━━ Data for this task

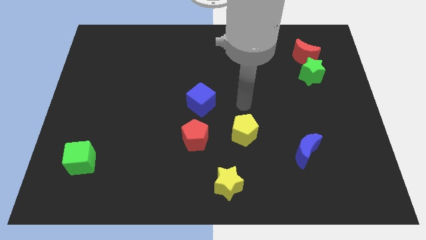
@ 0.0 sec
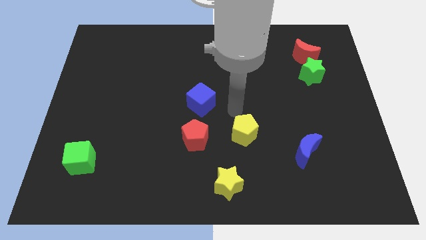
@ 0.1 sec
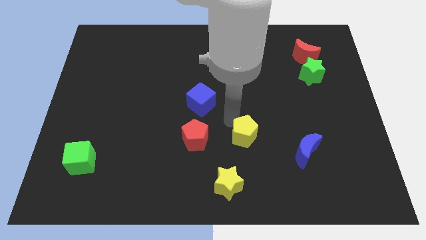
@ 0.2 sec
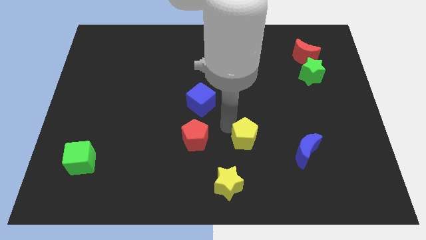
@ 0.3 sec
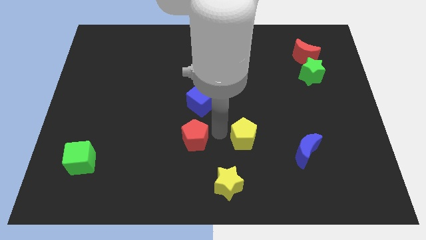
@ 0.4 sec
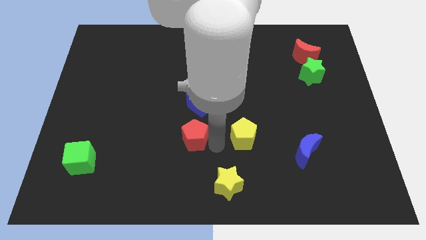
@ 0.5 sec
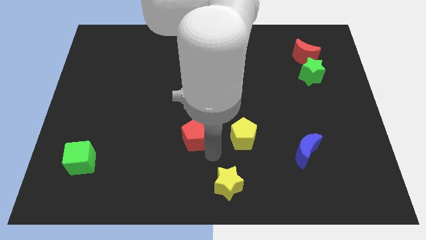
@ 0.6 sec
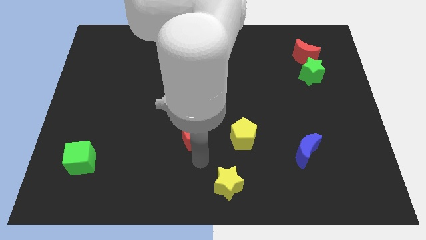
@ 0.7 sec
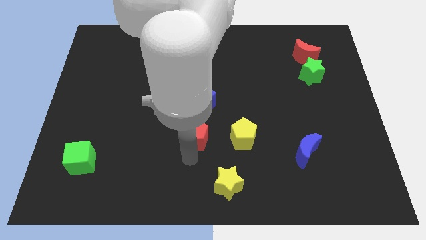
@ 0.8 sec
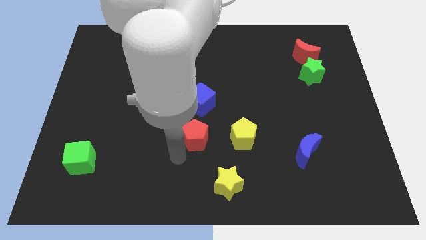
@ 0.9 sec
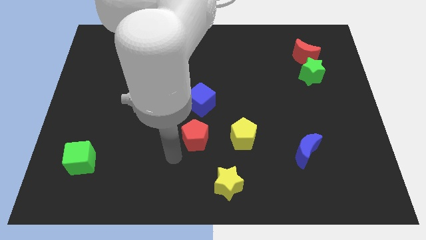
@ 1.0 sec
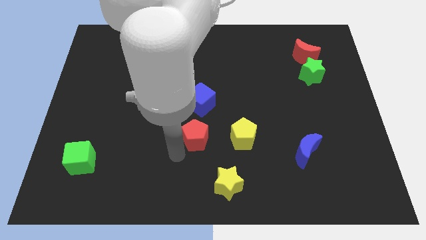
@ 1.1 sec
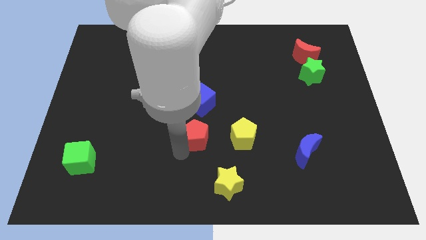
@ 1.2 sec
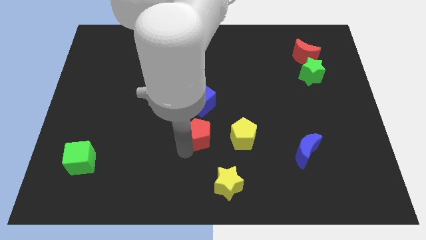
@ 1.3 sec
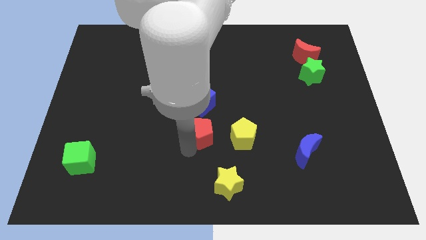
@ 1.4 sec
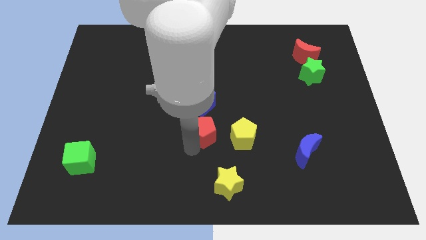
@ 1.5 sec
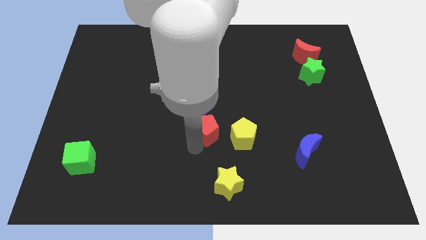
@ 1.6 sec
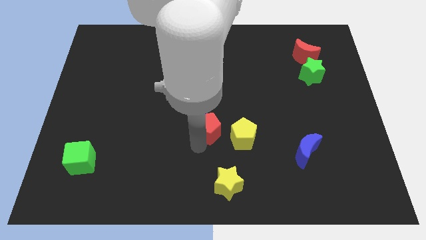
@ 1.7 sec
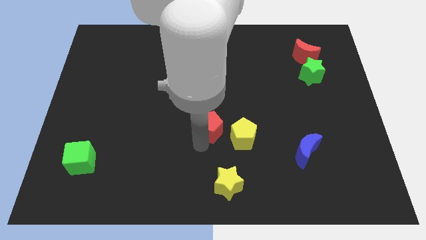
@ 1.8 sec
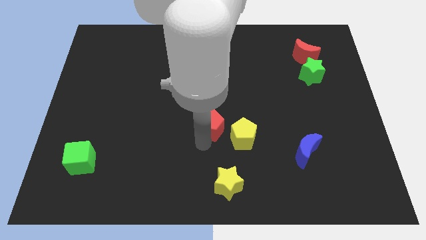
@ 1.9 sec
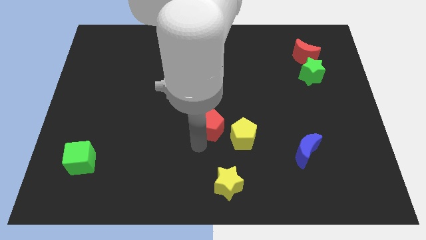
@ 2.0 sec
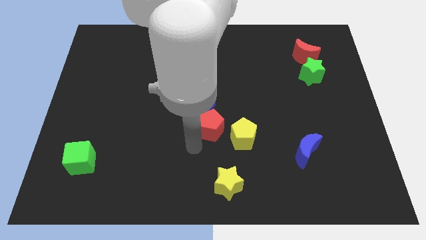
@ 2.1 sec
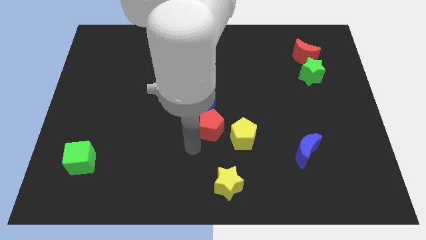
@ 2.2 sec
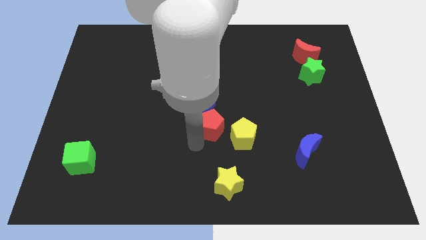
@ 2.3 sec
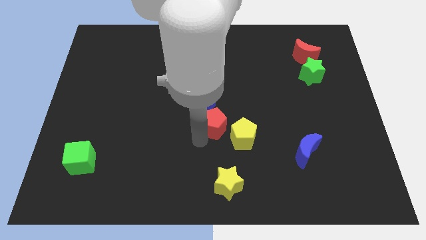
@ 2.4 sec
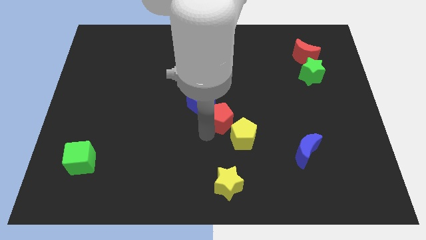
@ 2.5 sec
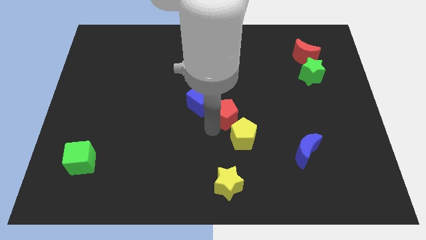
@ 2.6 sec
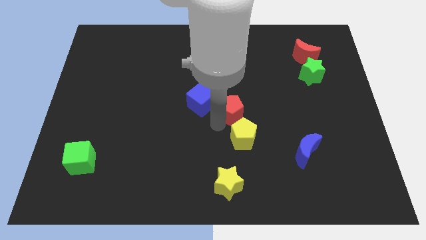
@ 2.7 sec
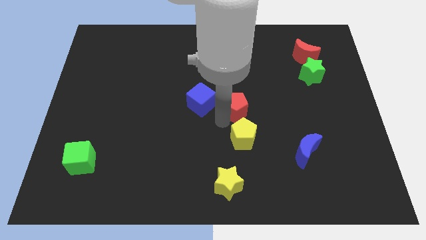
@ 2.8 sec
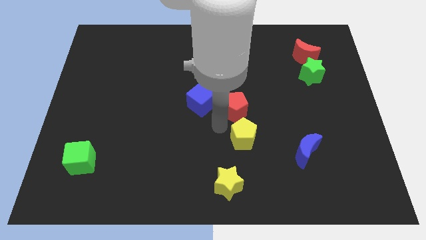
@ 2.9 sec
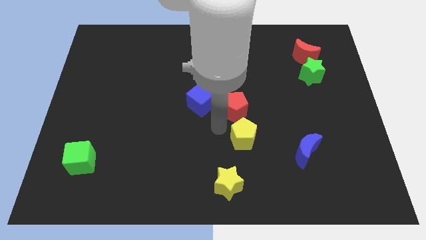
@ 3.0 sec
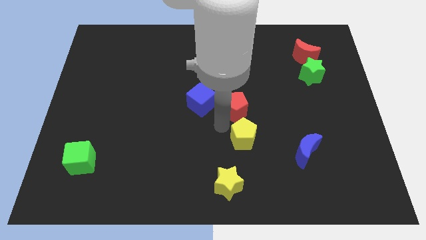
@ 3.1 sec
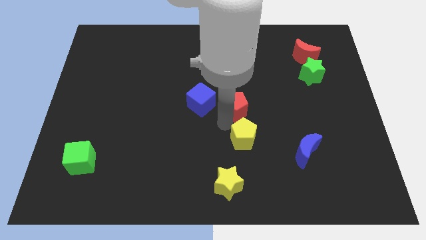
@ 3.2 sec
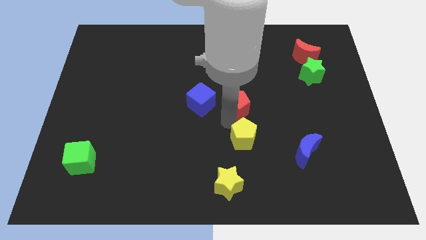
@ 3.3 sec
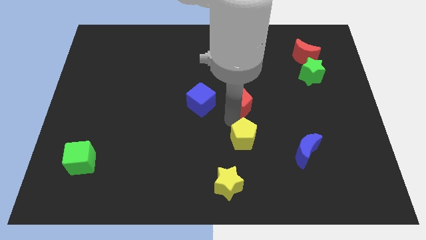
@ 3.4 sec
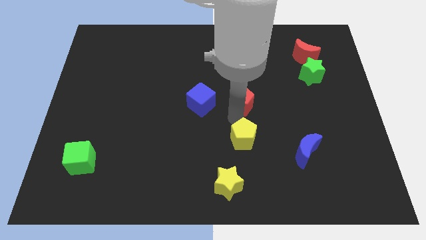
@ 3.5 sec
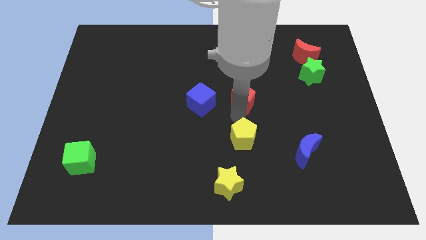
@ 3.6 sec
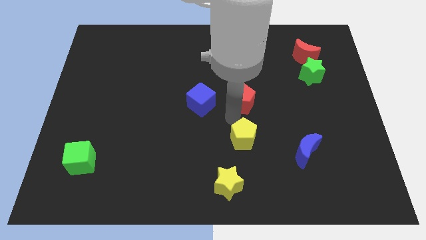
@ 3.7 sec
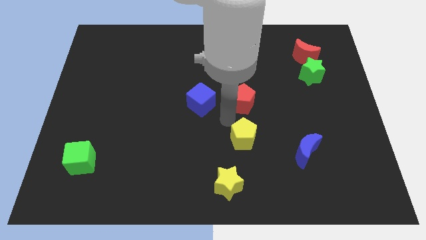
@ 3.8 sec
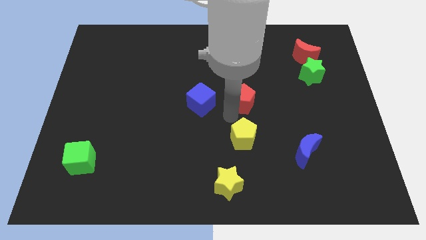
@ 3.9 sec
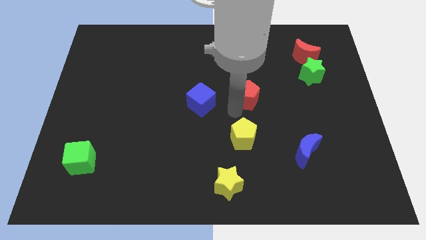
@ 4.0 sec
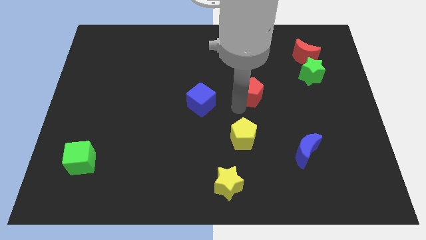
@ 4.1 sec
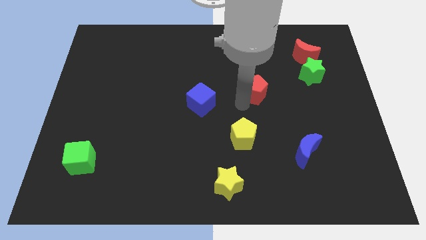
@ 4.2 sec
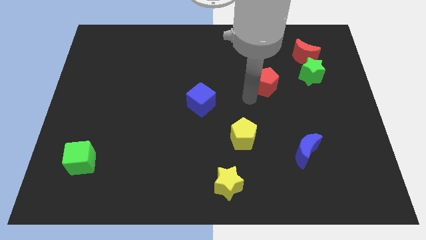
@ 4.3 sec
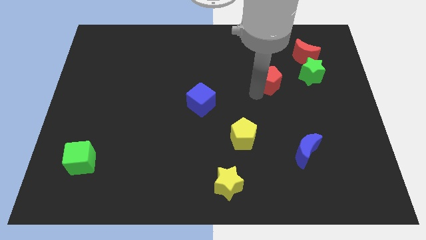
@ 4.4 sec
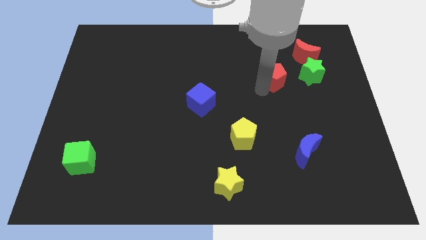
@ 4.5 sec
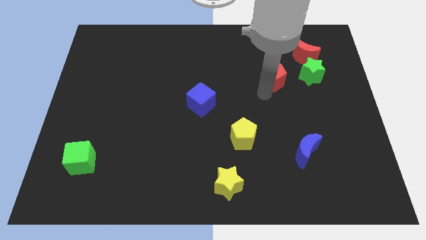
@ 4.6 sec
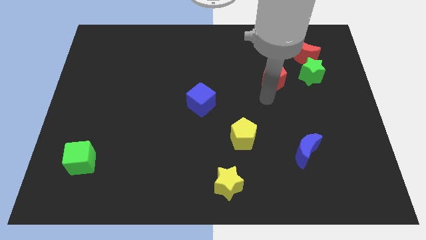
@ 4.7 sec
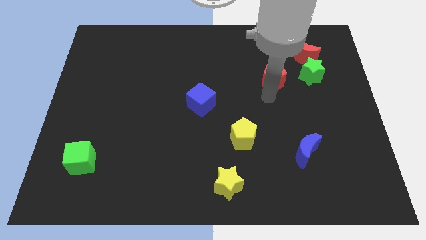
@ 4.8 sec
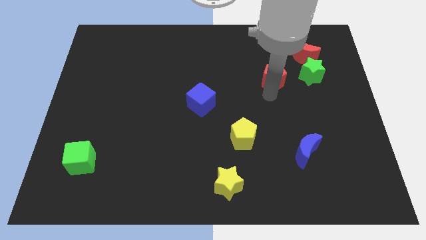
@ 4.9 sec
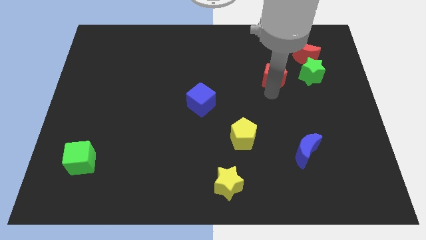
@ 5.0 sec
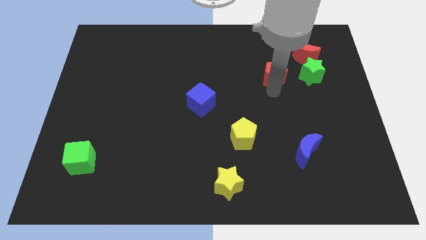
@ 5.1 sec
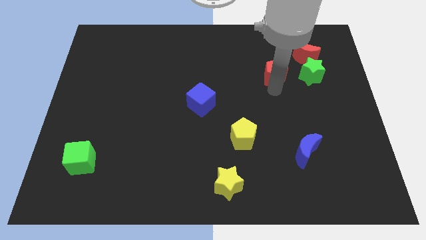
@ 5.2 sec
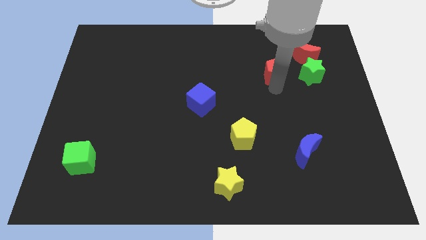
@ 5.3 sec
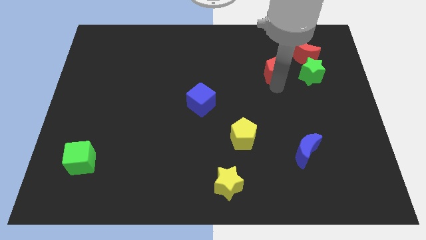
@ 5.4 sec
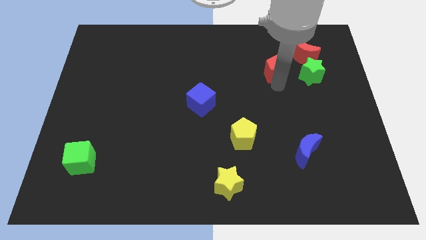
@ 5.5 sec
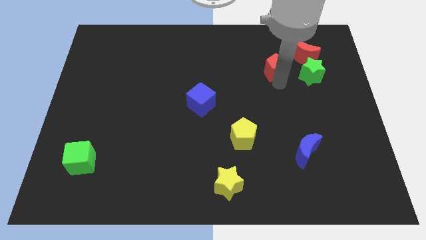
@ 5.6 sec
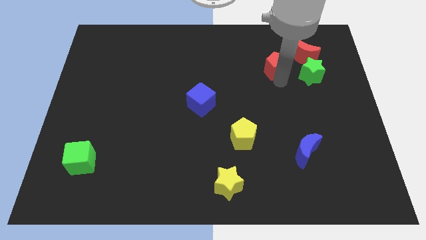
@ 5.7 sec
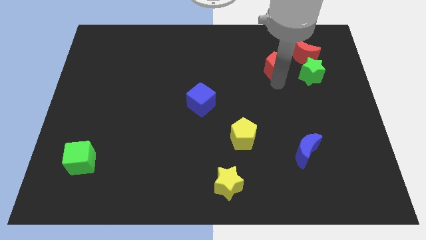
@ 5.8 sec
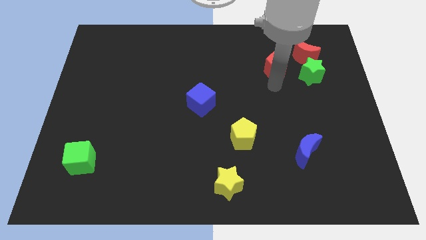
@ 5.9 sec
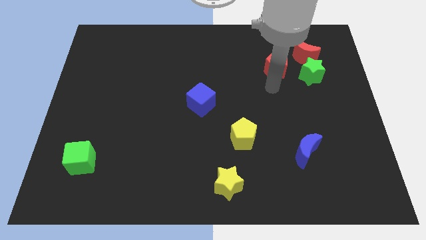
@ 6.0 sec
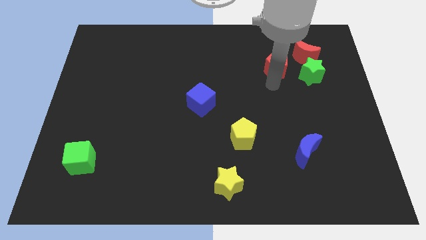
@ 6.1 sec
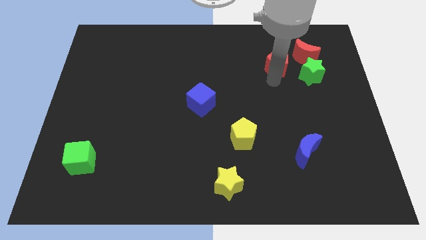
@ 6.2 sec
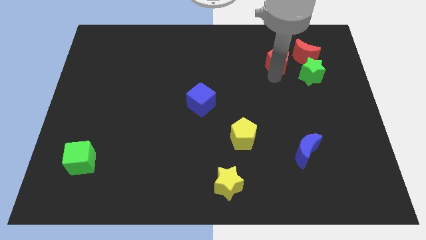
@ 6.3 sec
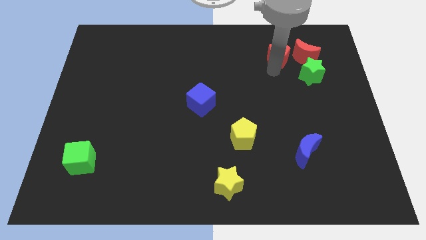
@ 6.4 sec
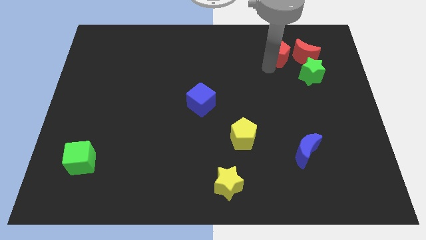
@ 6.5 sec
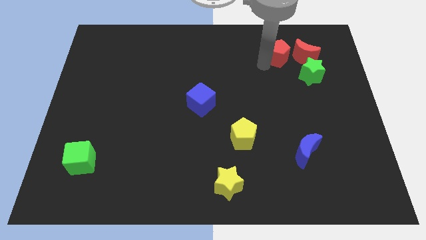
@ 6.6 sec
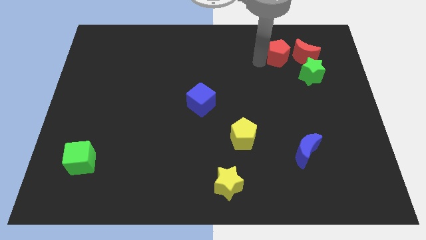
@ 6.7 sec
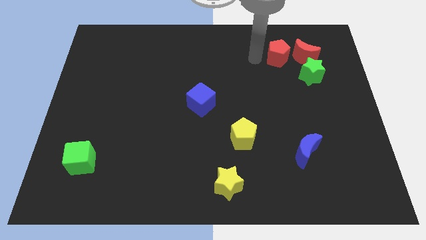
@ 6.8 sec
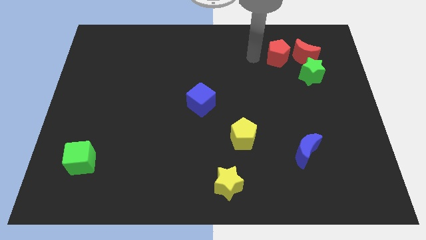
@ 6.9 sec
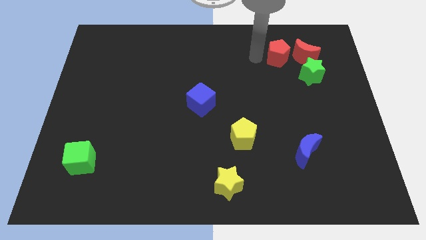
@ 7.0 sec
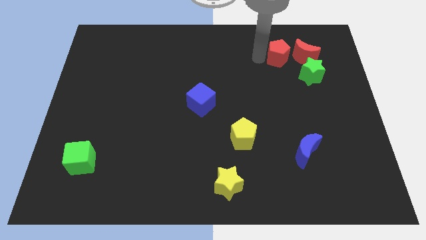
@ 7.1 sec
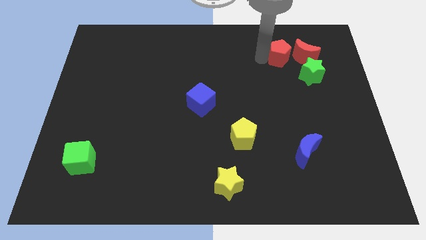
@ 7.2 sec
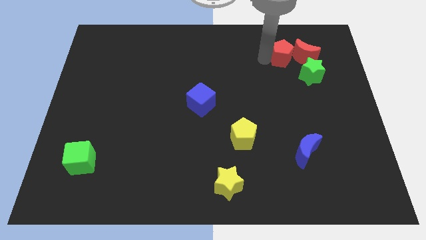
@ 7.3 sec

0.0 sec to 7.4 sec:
put the red pentagon to the red moon

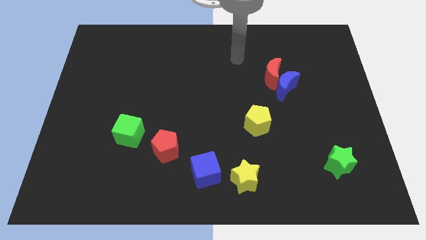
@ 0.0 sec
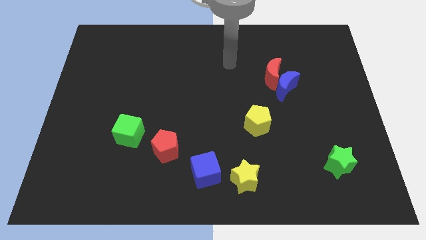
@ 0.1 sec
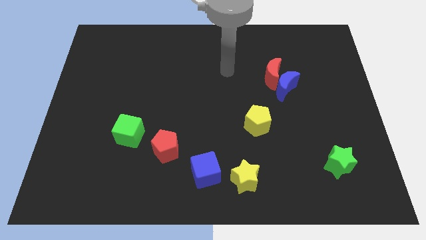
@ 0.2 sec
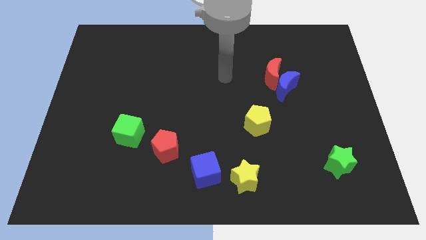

━━━━

• Your instructions: Could the data above be reproduced exactly, with the pictures left out?

• Exercise solution:
@ 0.0 sec
@ 0.1 sec
@ 0.2 sec
@ 0.3 sec
@ 0.4 sec
@ 0.5 sec
@ 0.6 sec
@ 0.7 sec
@ 0.8 sec
@ 0.9 sec
@ 1.0 sec
@ 1.1 sec
@ 1.2 sec
@ 1.3 sec
@ 1.4 sec
@ 1.5 sec
@ 1.6 sec
@ 1.7 sec
@ 1.8 sec
@ 1.9 sec
@ 2.0 sec
@ 2.1 sec
@ 2.2 sec
@ 2.3 sec
@ 2.4 sec
@ 2.5 sec
@ 2.6 sec
@ 2.7 sec
@ 2.8 sec
@ 2.9 sec
@ 3.0 sec
@ 3.1 sec
@ 3.2 sec
@ 3.3 sec
@ 3.4 sec
@ 3.5 sec
@ 3.6 sec
@ 3.7 sec
@ 3.8 sec
@ 3.9 sec
@ 4.0 sec
@ 4.1 sec
@ 4.2 sec
@ 4.3 sec
@ 4.4 sec
@ 4.5 sec
@ 4.6 sec
@ 4.7 sec
@ 4.8 sec
@ 4.9 sec
@ 5.0 sec
@ 5.1 sec
@ 5.2 sec
@ 5.3 sec
@ 5.4 sec
@ 5.5 sec
@ 5.6 sec
@ 5.7 sec
@ 5.8 sec
@ 5.9 sec
@ 6.0 sec
@ 6.1 sec
@ 6.2 sec
@ 6.3 sec
@ 6.4 sec
@ 6.5 sec
@ 6.6 sec
@ 6.7 sec
@ 6.8 sec
@ 6.9 sec
@ 7.0 sec
@ 7.1 sec
@ 7.2 sec
@ 7.3 sec

0.0 sec to 7.4 sec:
put the red pentagon to the red moon

@ 0.0 sec
@ 0.1 sec
@ 0.2 sec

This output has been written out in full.